_Records excerpted from a collection_

#####

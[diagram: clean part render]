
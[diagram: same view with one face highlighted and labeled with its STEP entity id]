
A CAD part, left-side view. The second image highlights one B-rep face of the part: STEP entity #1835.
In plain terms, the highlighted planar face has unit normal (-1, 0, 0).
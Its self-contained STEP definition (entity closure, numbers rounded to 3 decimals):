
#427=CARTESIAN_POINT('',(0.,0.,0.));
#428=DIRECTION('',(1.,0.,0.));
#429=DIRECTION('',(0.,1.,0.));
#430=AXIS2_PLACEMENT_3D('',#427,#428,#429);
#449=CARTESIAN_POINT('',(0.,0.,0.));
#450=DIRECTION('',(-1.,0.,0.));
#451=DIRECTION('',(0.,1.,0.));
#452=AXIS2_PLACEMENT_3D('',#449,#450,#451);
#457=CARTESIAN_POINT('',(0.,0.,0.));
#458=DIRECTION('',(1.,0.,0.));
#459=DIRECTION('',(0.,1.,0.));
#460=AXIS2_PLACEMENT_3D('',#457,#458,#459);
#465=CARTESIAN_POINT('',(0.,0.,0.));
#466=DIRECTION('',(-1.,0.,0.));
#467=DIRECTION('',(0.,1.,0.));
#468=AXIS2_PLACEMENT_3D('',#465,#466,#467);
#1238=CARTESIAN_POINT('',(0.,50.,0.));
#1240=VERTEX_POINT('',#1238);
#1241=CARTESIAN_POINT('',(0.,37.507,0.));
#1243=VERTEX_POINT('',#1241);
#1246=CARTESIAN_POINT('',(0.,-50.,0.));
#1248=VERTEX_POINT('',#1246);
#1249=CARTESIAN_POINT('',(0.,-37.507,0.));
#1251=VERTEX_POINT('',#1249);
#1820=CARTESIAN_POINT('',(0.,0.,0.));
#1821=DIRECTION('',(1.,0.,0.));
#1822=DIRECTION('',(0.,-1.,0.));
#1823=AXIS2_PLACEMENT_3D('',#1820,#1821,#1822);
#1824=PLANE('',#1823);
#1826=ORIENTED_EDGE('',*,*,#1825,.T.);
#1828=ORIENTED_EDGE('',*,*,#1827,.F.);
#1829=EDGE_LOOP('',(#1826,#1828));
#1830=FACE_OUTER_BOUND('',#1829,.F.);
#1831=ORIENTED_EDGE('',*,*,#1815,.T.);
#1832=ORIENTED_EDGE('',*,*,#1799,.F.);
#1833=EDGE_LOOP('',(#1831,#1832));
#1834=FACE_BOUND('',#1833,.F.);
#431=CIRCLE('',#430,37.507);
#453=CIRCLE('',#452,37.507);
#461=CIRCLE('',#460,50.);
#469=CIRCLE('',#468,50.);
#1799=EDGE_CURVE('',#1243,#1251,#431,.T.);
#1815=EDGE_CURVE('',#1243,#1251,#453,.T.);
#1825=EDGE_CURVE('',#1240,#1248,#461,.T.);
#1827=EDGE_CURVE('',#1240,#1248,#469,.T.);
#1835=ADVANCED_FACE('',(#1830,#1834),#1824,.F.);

#####

_TASK PROMPT_
Reproduce exactly every line between the line with "#1815=EDGE_CURVE('',#1243,#1251,#453,.T.);" and the last line of the records above, both included.

_EXPECTED ANSWER_
#1815=EDGE_CURVE('',#1243,#1251,#453,.T.);
#1825=EDGE_CURVE('',#1240,#1248,#461,.T.);
#1827=EDGE_CURVE('',#1240,#1248,#469,.T.);
#1835=ADVANCED_FACE('',(#1830,#1834),#1824,.F.);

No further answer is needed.